> _Your instructions_
Your answer must consist of the records below, reproduced exactly, with every picture removed.

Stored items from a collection

┄┄┄┄┄┄┄┄┄┄┄┄┄┄┄┄┄┄┄┄

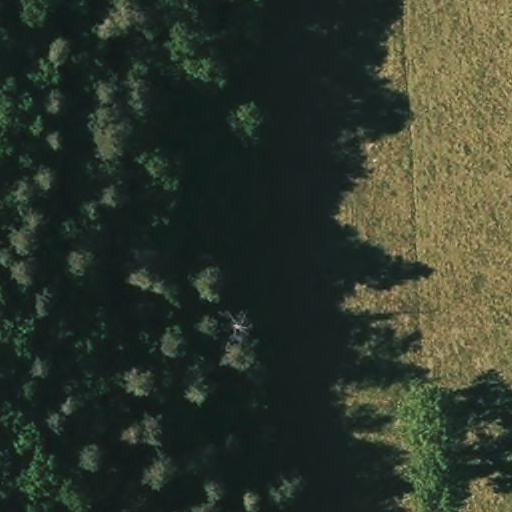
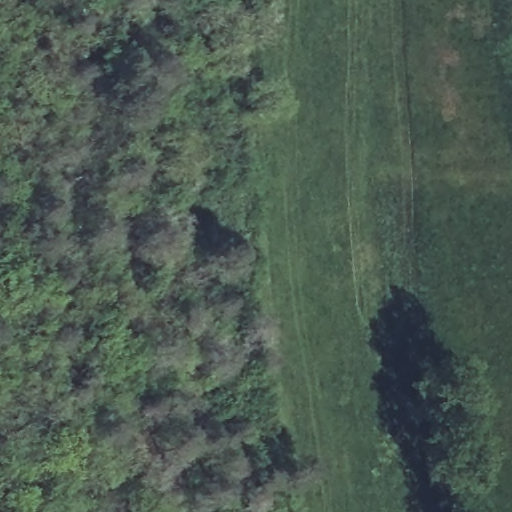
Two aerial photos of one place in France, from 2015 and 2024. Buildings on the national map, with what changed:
[]

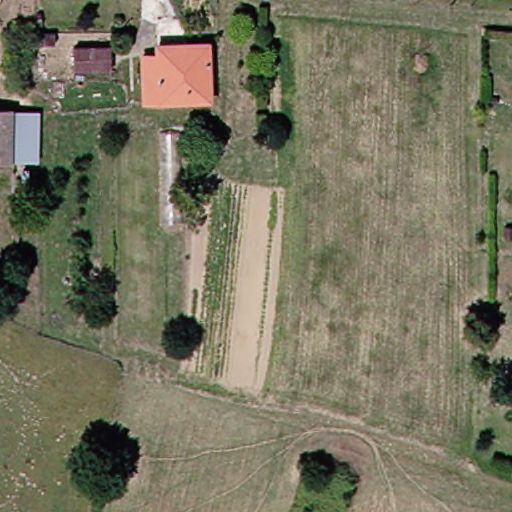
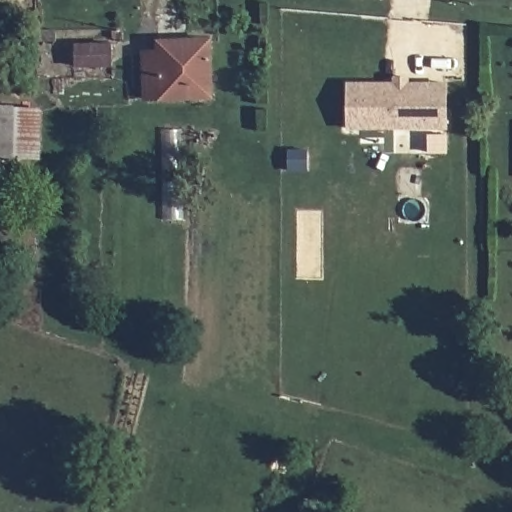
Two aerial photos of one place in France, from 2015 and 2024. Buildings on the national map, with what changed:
unchanged [(116,66),(79,66),(79,45),(116,45),(116,66)]
unchanged [(140,104),(139,58),(154,57),(154,56),(154,47),(181,46),(204,46),(206,102),(140,104)]
new [(430,84),(446,85),(446,110),(447,129),(347,129),(347,85),(430,84)]
unchanged [(7,164),(0,164),(0,112),(9,112),(7,164)]
unchanged [(32,112),(31,165),(7,164),(9,112),(32,112)]
unchanged [(152,128),(173,127),(173,222),(151,225),(152,128)]

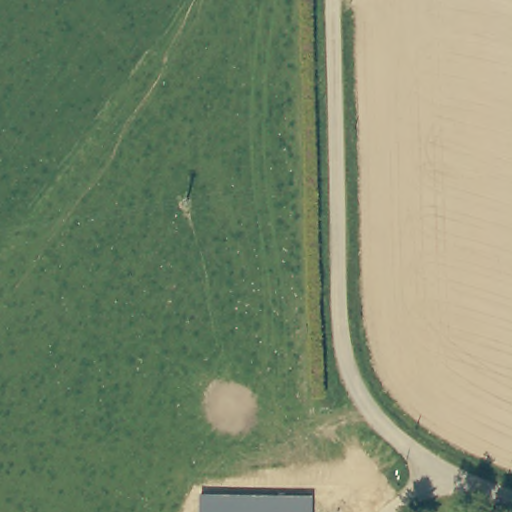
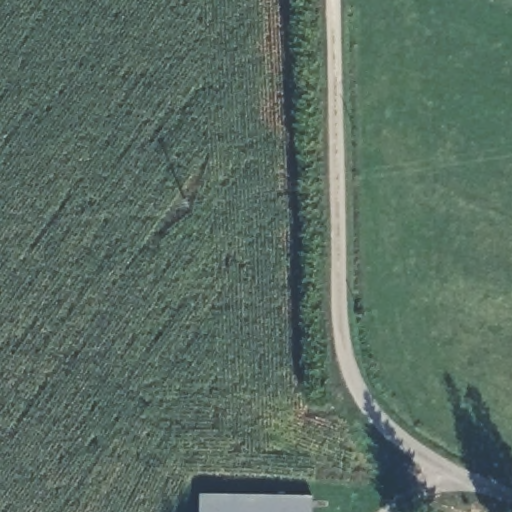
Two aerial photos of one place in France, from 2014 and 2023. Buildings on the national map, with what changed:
unchanged [(201,495),(311,496),(310,512),(201,512),(201,495)]

┄┄┄┄┄┄┄┄┄┄┄┄┄┄┄┄┄┄┄┄

> _Expected answer_
Two aerial photos of one place in France, from 2015 and 2024. Buildings on the national map, with what changed:
[]

Two aerial photos of one place in France, from 2015 and 2024. Buildings on the national map, with what changed:
unchanged [(116,66),(79,66),(79,45),(116,45),(116,66)]
unchanged [(140,104),(139,58),(154,57),(154,56),(154,47),(181,46),(204,46),(206,102),(140,104)]
new [(430,84),(446,85),(446,110),(447,129),(347,129),(347,85),(430,84)]
unchanged [(7,164),(0,164),(0,112),(9,112),(7,164)]
unchanged [(32,112),(31,165),(7,164),(9,112),(32,112)]
unchanged [(152,128),(173,127),(173,222),(151,225),(152,128)]

Two aerial photos of one place in France, from 2014 and 2023. Buildings on the national map, with what changed:
unchanged [(201,495),(311,496),(310,512),(201,512),(201,495)]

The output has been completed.